BRET STEPHENS: Realism and repentance

It's probably for the best that Ralph Northam seems determined not to resign as governor of Virginia. He may have done something ugly and dumb many years ago when he was a young man and prevailing notions of socially permissible behavior were uglier and dumber than they are today. In the face of a political and reputational disaster he has stumbled badly in explaining himself. If he weathers the scandal, it will mainly be because all his potential successors have grave compromises of their own.

In the 35 years between those two points he has, by all appearances, lived an upstanding life without a hint of racial bias. If we are going to embrace a politics where that's not enough to save a sitting governor accused of no crime, we're headed toward a dark place.
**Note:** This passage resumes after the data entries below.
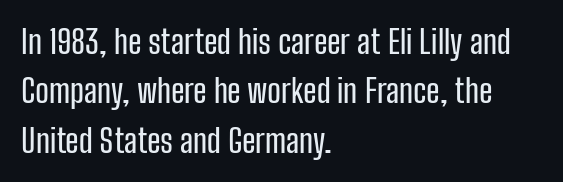
{"serif": "no", "italic": "no", "width": "condensed", "stroke_contrast": "low", "x_height": "medium", "monospaced": "no", "underline": "no", "align": "left", "line_spacing": "normal", "line_spacing_ratio": 1.5, "letter_spacing": "normal", "letter_spacing_em": 0.0, "glyph_px": 33}
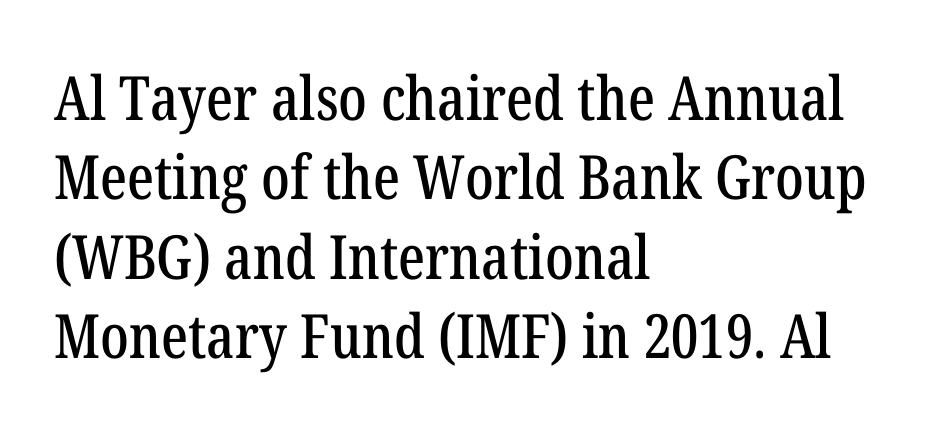
{"serif": "yes", "italic": "no", "width": "condensed", "stroke_contrast": "low", "x_height": "medium", "monospaced": "no", "underline": "no", "align": "left", "line_spacing": "normal", "line_spacing_ratio": 1.3, "letter_spacing": "normal", "letter_spacing_em": 0.0, "glyph_px": 61}
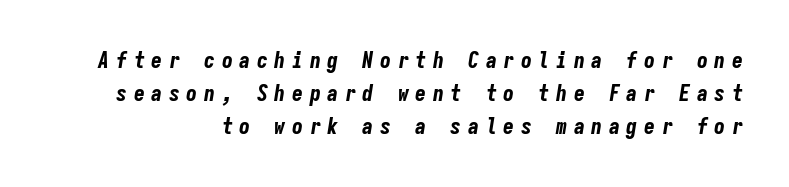
The image shows 22 px bold type, italic (leaning right); set normal line spacing (1.49x), unusually wide letter spacing (+0.3 em), not underlined.
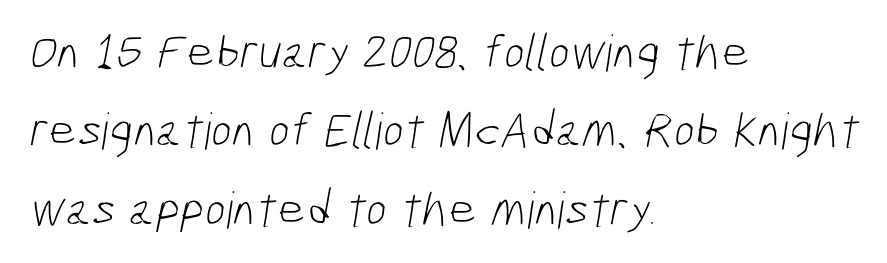
Q: Is the text bold? A: No.
Q: Is the typeface a serif or a sans-serif typeface? A: Sans-serif.
Q: Is the text underlined? A: No.
Q: How is the paragraph aligned? A: Left-aligned.
Q: Is the spacing between letters normal or unusually wide? A: Normal.
Q: Is the spacing between lines tight, normal or loose? A: Normal.
Q: Width (condensed, normal, or wide)? A: Condensed.
Q: Stroke contrast? A: Low.
Q: x-height? A: Medium.
Q: Monospaced? A: No.
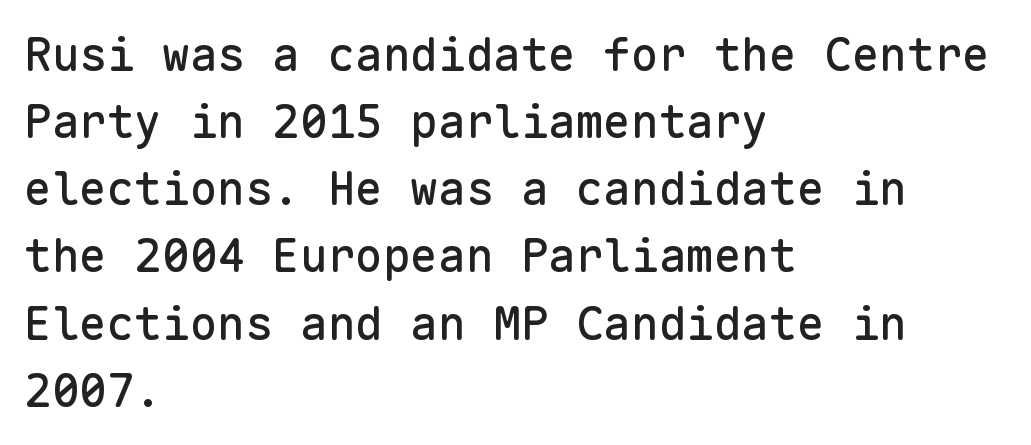
Q: Is the text italic (slanted)? A: No, it is upright.
Q: Is the typeface a serif or a sans-serif typeface? A: Sans-serif.
Q: Is the text underlined? A: No.
Q: How is the paragraph aligned? A: Left-aligned.
Q: Is the spacing between letters normal or unusually wide? A: Normal.
Q: Is the spacing between lines tight, normal or loose? A: Normal.
Q: Width (condensed, normal, or wide)? A: Normal.
Q: Stroke contrast? A: Low.
Q: x-height? A: Medium.
Q: Monospaced? A: Yes.
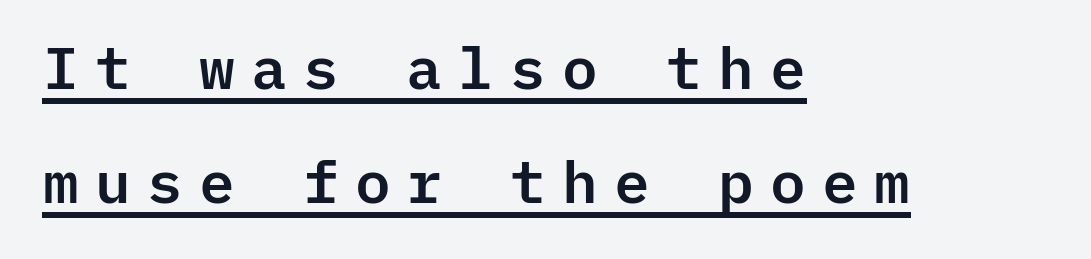
Do the letters lean? They stand straight. The rendered words wear a rule along their underside. Does the type have serifs? No, each stem ends abruptly. Tracking value appears strongly positive — letters spread wide.
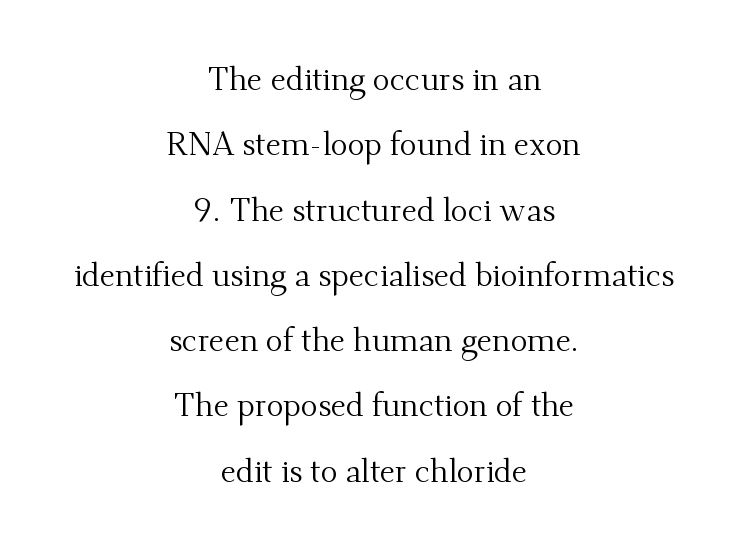
{"serif": "yes", "italic": "no", "bold": "no", "weight": "regular", "width": "normal", "stroke_contrast": "medium", "x_height": "small", "monospaced": "no", "underline": "no", "align": "center", "line_spacing": "loose", "line_spacing_ratio": 2.04, "letter_spacing": "normal", "letter_spacing_em": 0.0, "glyph_px": 32}
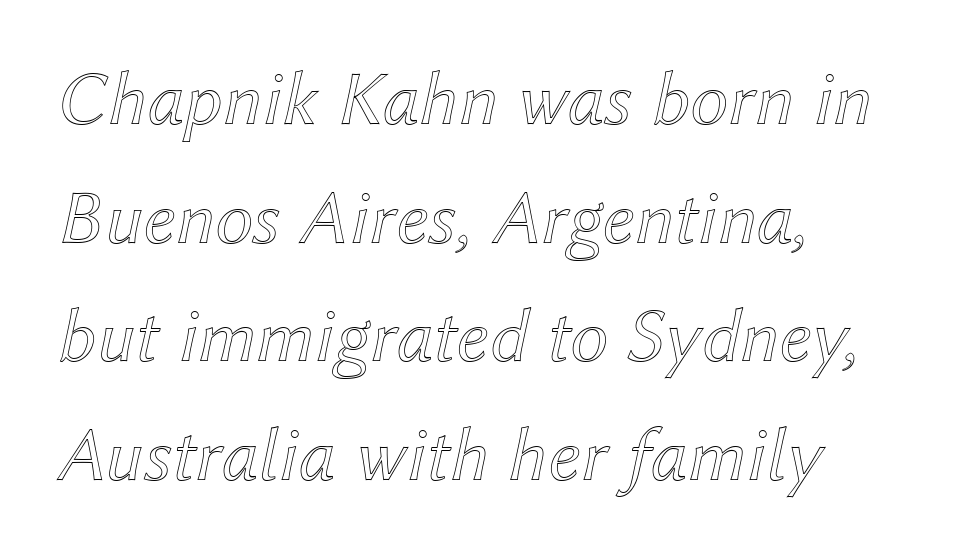
Q: Is the text italic (slanted)? A: Yes, it leans right by about 12 degrees.
Q: Is the text underlined? A: No.
Q: How is the paragraph aligned? A: Left-aligned.
Q: Is the spacing between letters normal or unusually wide? A: Normal.
Q: Is the spacing between lines tight, normal or loose? A: Normal.
Q: Width (condensed, normal, or wide)? A: Normal.
Q: x-height? A: Medium.
Q: Monospaced? A: No.
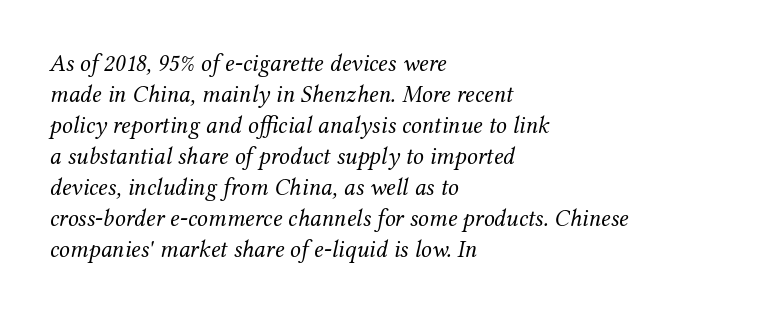
The image shows 24 px text type, italic (leaning right); set left-aligned, normal line spacing (1.29x), normal letter spacing, not underlined.
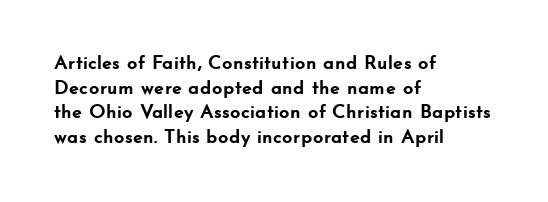
The foot of each line stays bare and open. The letters are bold, with thick, heavy strokes. The letters stand straight up with perfectly vertical stems. Compared with typical body copy, the letter spacing here is the same. These lines stack with their left ends in a neat column.
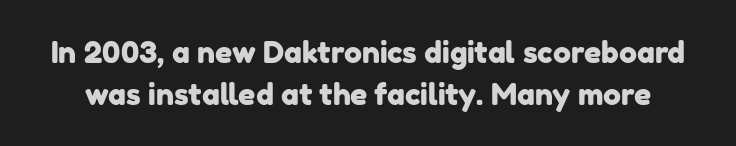
{"serif": "no", "width": "normal", "stroke_contrast": "low", "x_height": "medium", "monospaced": "no", "underline": "no", "line_spacing": "normal", "line_spacing_ratio": 1.4, "letter_spacing": "normal", "letter_spacing_em": 0.0, "glyph_px": 30}
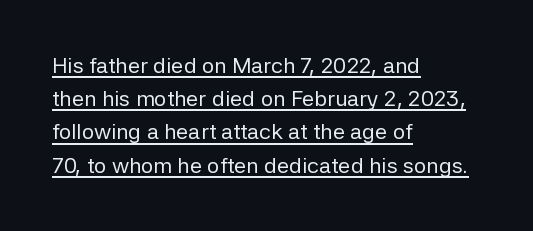
The image shows 22 px text type, upright; set left-aligned, normal line spacing (1.51x), normal letter spacing, underlined.

I write this as someone who isn't a Democrat and doesn't share many of Northam's views. Nor do I think he covered himself in glory when he accused his Republican opponent Ed Gillespie of "racist rhetoric" during the 2017 gubernatorial race while an advocacy group allied to his campaign ran an ad that made out Gillespie supporters to be homicidal bigots intent on harming minority kids. What goes around comes around, and the temptation for schadenfreude is great.

Then again, each of us might want to perform an internal audit before we join the cast-the-first-stone coalition.

Ever told--or laughed at--a bigoted joke? I have, and I cringe today at what I once found funny. Ever used one of the more common ethnic or sexist slurs--"gypped," for instance, or "bitch"--or dropped the F-word as it commonly refers to gay people? I've been guilty of this, too, to my shame. Have ugly generalizations or snap judgments based on ethnic stereotypes perambulated through your mind, even if they didn't fall out of your mouth? Guilty again.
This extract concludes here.